Actually to update SD configs I am using "prometheus-config-reloader" and I was hoping the container "prometheus-config-reloader" (which is running inside same pod where VMAGENT is running) should take responsibility to update "vmagent.env.yaml" file instead of vmagent itself. But still vmagent is taking responsibility to watch APIs.

I think prometheus-config-reloader just updates configs for SD, not actually doing the SD. So option for disabling the discovery won't work.

@Haleygo do you have any opinion on this? It looks related to https://github.com/VictoriaMetrics/operator/pull/267

[Haleygo]

Hello @prasadrajesh ,

How can I disable API watch from VMAGENT and tell to VMAGENT that just follow "vmagent.env.yaml"

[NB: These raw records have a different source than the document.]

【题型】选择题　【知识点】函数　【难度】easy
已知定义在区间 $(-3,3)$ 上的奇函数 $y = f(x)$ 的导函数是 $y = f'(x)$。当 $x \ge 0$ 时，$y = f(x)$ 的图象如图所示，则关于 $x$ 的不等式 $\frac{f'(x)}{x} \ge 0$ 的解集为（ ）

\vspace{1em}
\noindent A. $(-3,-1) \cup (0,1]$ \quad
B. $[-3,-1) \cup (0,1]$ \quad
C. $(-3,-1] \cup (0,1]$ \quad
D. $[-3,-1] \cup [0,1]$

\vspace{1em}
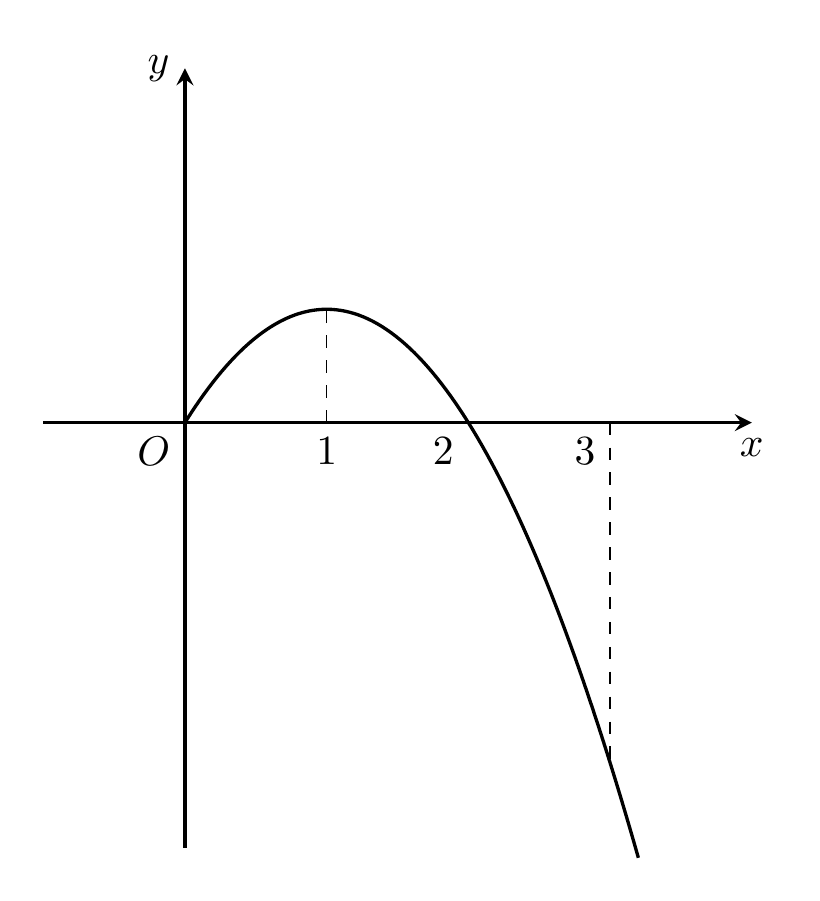
【解答】
\noindent 【答案】C

\vspace{1em}
\noindent 【分析】结合图象判断函数单调性，可得 $y = f'(x)$ 的函数值正负情况，从而解 $\frac{f'(x)}{x} \ge 0$，可得答案。

\vspace{1em}
\noindent 【详解】由图象可知 $y = f(x)$ 在 $[0,1]$ 上单调递增，在 $[1,3)$ 上单调递减，

\noindent 则当 $0 \le x \le 1$ 时，$f'(x) \ge 0$，当 $1 \le x < 3$ 时，$f'(x) \le 0$，此时等号仅在 $x = 1$ 时成立，

\noindent 由于 $y = f(x)$ 是定义在区间 $(-3,3)$ 上的奇函数，

\noindent 故 $y = f(x)$ 在 $[-1,0]$ 上单调递增，在 $(-3,-1]$ 上单调递减，

\noindent 则当 $-1 \le x \le 0$ 时，$f'(x) \ge 0$，当 $-3 < x \le -1$ 时，$f'(x) \le 0$，此时等号仅在 $x = -1$ 时成立，

\noindent 故由 $\frac{f'(x)}{x} \ge 0$ 可知
\[
\begin{cases}
f'(x) \ge 0 \\
x > 0
\end{cases}
\quad \text{或} \quad
\begin{cases}
f'(x) \le 0 \\
x < 0
\end{cases}
\]

\noindent 得 $0 < x \le 1$ 或 $-3 < x \le -1$，即不等式解集为 $(-3,-1] \cup (0,1]$，

\noindent 故选：C.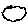
Label: cloud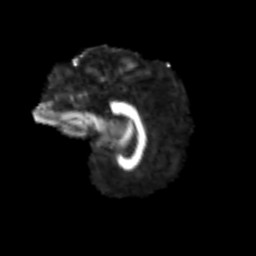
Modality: FA
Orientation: sagittal
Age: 49
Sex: male
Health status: ill
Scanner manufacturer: siemens
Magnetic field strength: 3 T
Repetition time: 8.7 s
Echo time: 0.11 s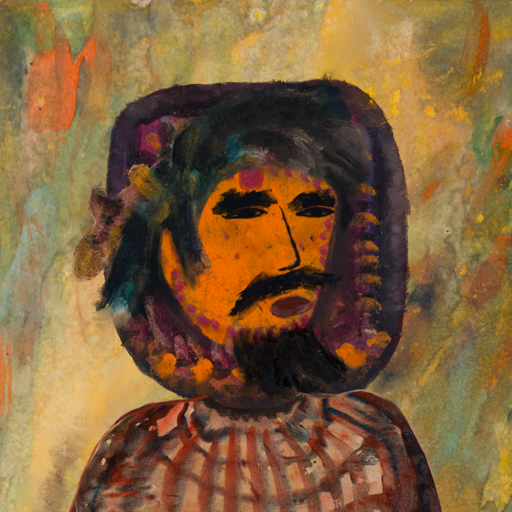
Background: Comrade, Head And Neck Side: Doll_w_Hair, Face Side: Mosgoul, Bust: Orphan, Hair Side: Pipe, Head Accessory: Blank, Second Necklace: Blank, Necklace: Blank, Baby: Blank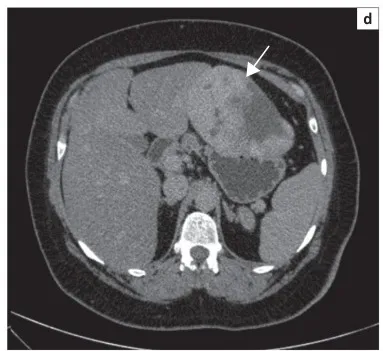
Delayed. Phases show progressive filling in of the lesion with contrast (arrows). The pattern of enhancement is suggestive of a haemangioma.
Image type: radiology (ct)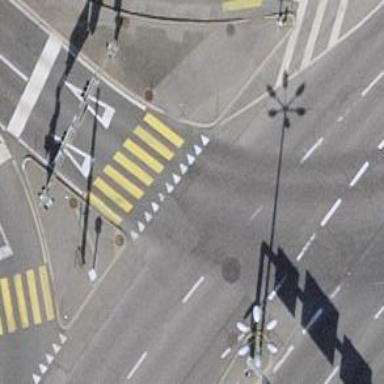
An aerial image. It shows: Footway crossing with marked asphalt surface.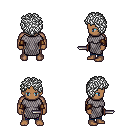
a pixel art fantasy rpg character, male body template, human, dark skin, chain mail, magenta pants, white curly afro hairstyle, cloth bracers, dagger, four views (front, back, left, right), 2x2 character sprite sheet, small pixel art, hard edges, no anti-aliasing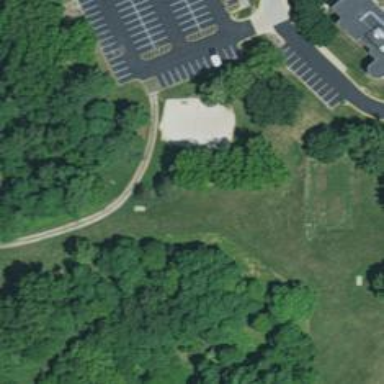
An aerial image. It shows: Disc golf tee.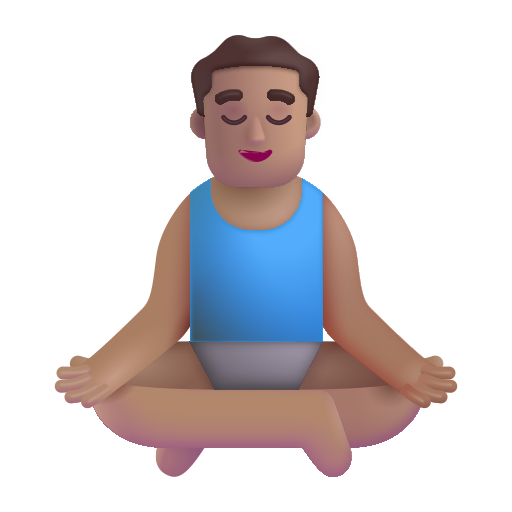
man in lotus position color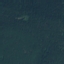
Label: Forest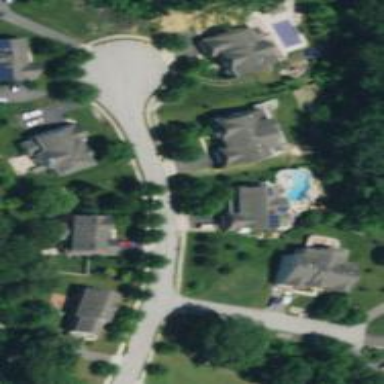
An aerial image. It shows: Driveway.
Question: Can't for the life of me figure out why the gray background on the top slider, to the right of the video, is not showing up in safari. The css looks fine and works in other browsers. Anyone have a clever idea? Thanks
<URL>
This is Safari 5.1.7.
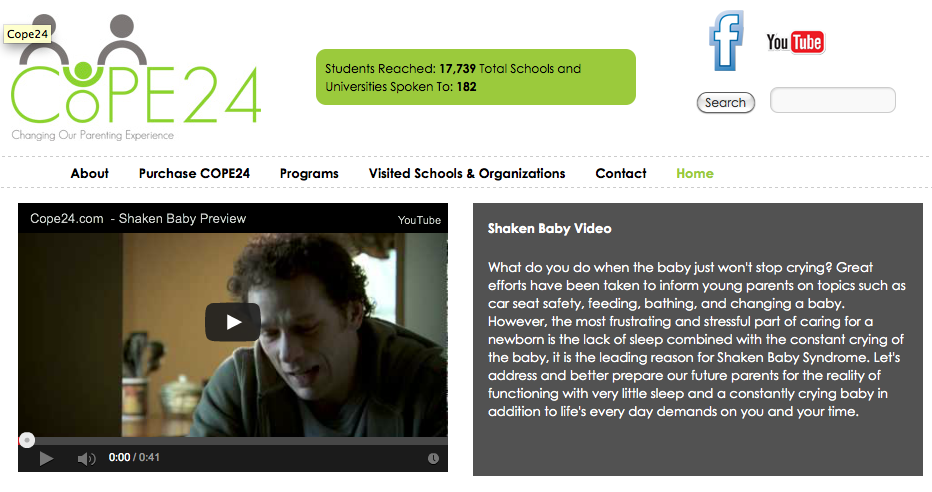
Answer: Reduce the width on '<div id="maintext">' by a few pixels and it shows up just fine on Chrome & Safari .. and FF 19 + IE 9
Also you're using the deprecated 'iFrame' frameborder attribute .. get rid of that
---
420px (what it is currently):
<URL>
418px:
<URL>
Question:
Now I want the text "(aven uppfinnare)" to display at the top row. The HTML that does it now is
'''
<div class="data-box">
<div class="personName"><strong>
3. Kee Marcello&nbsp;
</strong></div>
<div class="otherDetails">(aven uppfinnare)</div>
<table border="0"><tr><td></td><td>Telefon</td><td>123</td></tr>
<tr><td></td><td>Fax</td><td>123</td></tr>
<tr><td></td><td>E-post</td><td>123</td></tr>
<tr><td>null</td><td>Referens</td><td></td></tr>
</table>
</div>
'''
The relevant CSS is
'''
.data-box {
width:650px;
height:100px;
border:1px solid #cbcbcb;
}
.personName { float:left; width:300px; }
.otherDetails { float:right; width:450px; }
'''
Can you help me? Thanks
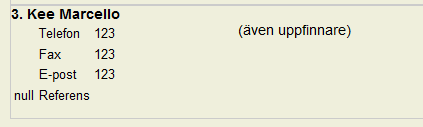
Answer: apply float left both to '.personName' and '.otherDetails' and make sure that '.data-box' width is almost '750px' ('300px + 450px') or just reduce the size of the 2 side-by-side 'div' so the sum of their width is no wider than 650px

Like @hagen1778 mentioned, vmagent does just following vmagent.env.yaml which updated by config-reloader, but it needs to watch apiserver to dynamically discover real targets like prometheus does. For example, if you create a VMServiceScrape

apiVersion: operator.victoriametrics.com/v1beta1
kind: VMServiceScrape
metadata:
  name: vmalertmanager-t-victoria-metrics-k8s-stack
  namespace: test
spec:
  endpoints:
  - attach_metadata: {}
    path: /metrics
    port: http
  namespaceSelector: {}
  selector:
    matchExpressions:
    - key: operator.victoriametrics.com/additional-service
      operator: DoesNotExist
    matchLabels:
      app.kubernetes.io/component: monitoring
      app.kubernetes.io/instance: t-victoria-metrics-k8s-stack
      app.kubernetes.io/name: vmalertmanager
      managed-by: vm-operator

vm-operator will add a scrape job to vmagent's config file which mounted using secret by default

- job_name: serviceScrape/test/vmalertmanager-t-victoria-metrics-k8s-stack/0
  honor_labels: false
  kubernetes_sd_configs:
  - role: endpoints
    namespaces:
      names:
      - test
  metrics_path: /metrics
  relabel_configs:
  - action: keep
    source_labels:
    - __meta_kubernetes_service_label_app_kubernetes_io_component
    regex: monitoring
  - action: keep
    source_labels:
    - __meta_kubernetes_service_label_app_kubernetes_io_instance
    regex: t-victoria-metrics-k8s-stack
  - action: keep
    source_labels:
    - __meta_kubernetes_service_label_app_kubernetes_io_name
    regex: vmalertmanager
  - target_label: endpoint
    replacement: http

Then config-reloader will detect this file change and reload the vmagent process, vmagent will create a new watcher with url like https://{{apiserver-address}}/api/v1/namespaces/test/endpointswatch=1&allowWatchBookmarks=true&timeoutSeconds=xx and find all the endpoints as scrape targets. So there will be at least one watch connection for each scrape job. If the job role is endpoints or endpointslice, there will be two more connections to watch related pod and service resources.

Could you share how many scrape jobs in your scrape config, and how about vm_promscrape_discovery_kubernetes_url_watchers, does it goes down when you restart the vmagent?

[Haleygo]

@Haleygo do you have any opinion on this? It looks related to https://github.com/VictoriaMetrics/operator/pull/267

@hagen1778 No, it's not related. since https://github.com/VictoriaMetrics/operator/pull/267 is about reduce pressure for apiserver in operator when generating scrape configs.

[hagen1778]

Thanks for the explanation @Haleygo! Do you think there is room for improvement as @prasadrajesh mentioned?

[prasadrajesh]

I wrote a service where I am converting HTTP1.1 requests to HTTP2 (so, by default 100 connections converted to 1 connection). I put that service between VMAgent and ApiServer. It fixed my issue.

[Mahagon]

Is there any update on this? We are currently running into the same issue (SNAT Port exhaustion= on our public API AKS Cluster. For now we added a NAT Gateway to mitigate that, but thats quiet expensive.